Channy Laux wanted the world, not just her immediate family, to remember her courageous and resourceful mother. Em, as she was called, was orphaned at 14 in Cambodia and went to work cleaning houses, cooking, and taking care of other people’s children. One of those children taught her to read and write since she had never gone to school.

Em married a successful businessman and had children of her own, but the Khmer Rouge regime destroyed their lives in the mid-1970s. As a teenager, Channy endured starvation and brutality and was separated from her family. Her father and a brother were killed in the genocide.

In 1979, Em and her four surviving children immigrated to Lincoln, Nebraska. They learned English, got educations, and made friends. Channy relished helping her mother cook Cambodian dishes, talking about the past and the future and things that made them happy.

“My relationship with my mother saved me, not only physically, but gave me a reason to continue living because I wanted her to see me again,” Laux, 57, says, talking of their painful separation in Cambodia.

Finding the right Cambodian ingredients in Lincoln was impossible back then, so Em would substitute carrots for green papaya, oregano for hot basil, and dried Thai galangal for fresh.
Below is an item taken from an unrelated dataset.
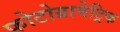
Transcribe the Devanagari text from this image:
फोटोग्रामेट्रिक
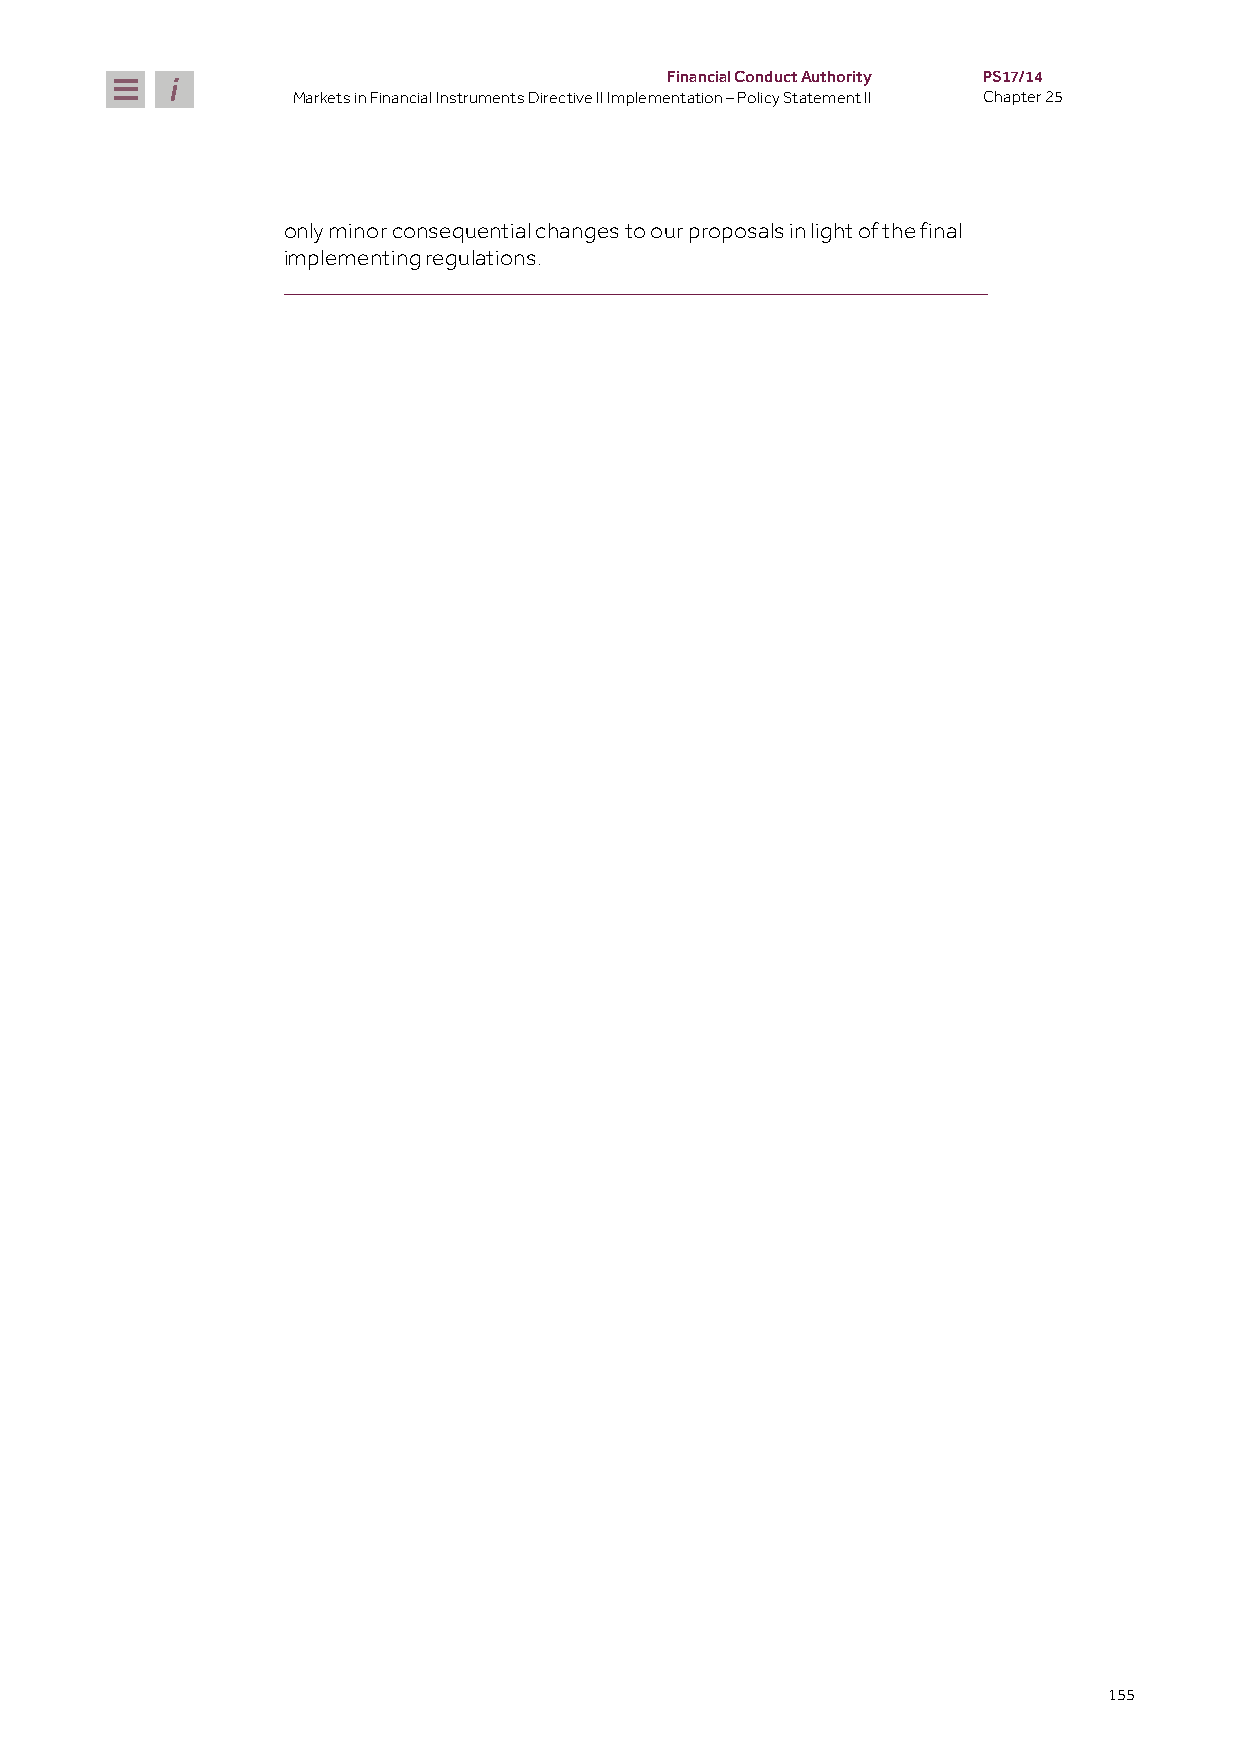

They planted mint in their garden, and on a trip to California were thrilled to find lemongrass.

“Channy, write this down,” Em insisted one day. It was her lemongrass paste recipe, which went on, many years later, to win a Silver sofi™ Award from the SFA.

Laux graduated from the University of Nebraska-Lincoln and embarked on a successful career as an engineer in the aerospace industry in Northern California. She married her college sweetheart, Kent Laux, whose Nebraskan mother had taught her to can tomatoes and pickle peaches and beets, skills that came in handy later. Channy’s mother and siblings all followed them to live in California.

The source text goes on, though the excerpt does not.